╭─ Provided records
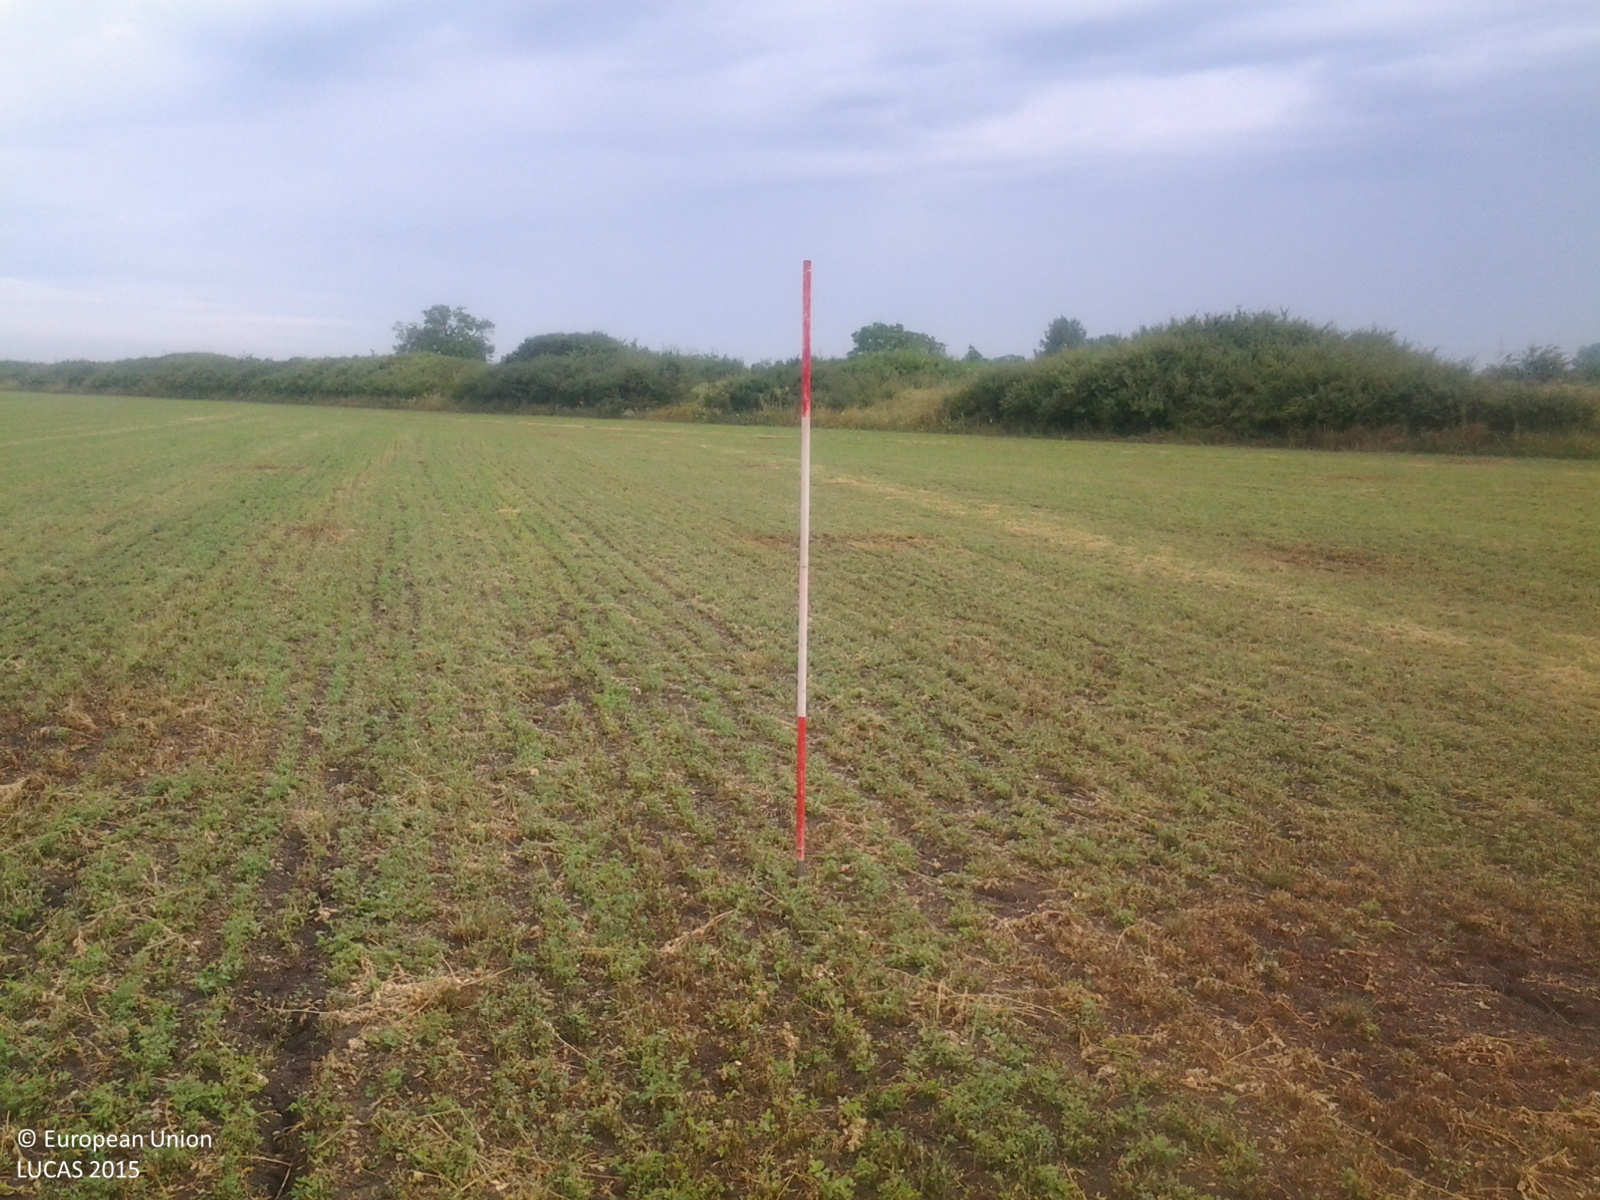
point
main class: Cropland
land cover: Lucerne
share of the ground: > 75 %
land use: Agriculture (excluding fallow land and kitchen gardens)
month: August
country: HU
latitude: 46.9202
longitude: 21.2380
╰─
What is needed: Write every line above again exactly, but leave the pictures out.

Answer section:
point
main class: Cropland
land cover: Lucerne
share of the ground: > 75 %
land use: Agriculture (excluding fallow land and kitchen gardens)
month: August
country: HU
latitude: 46.9202
longitude: 21.2380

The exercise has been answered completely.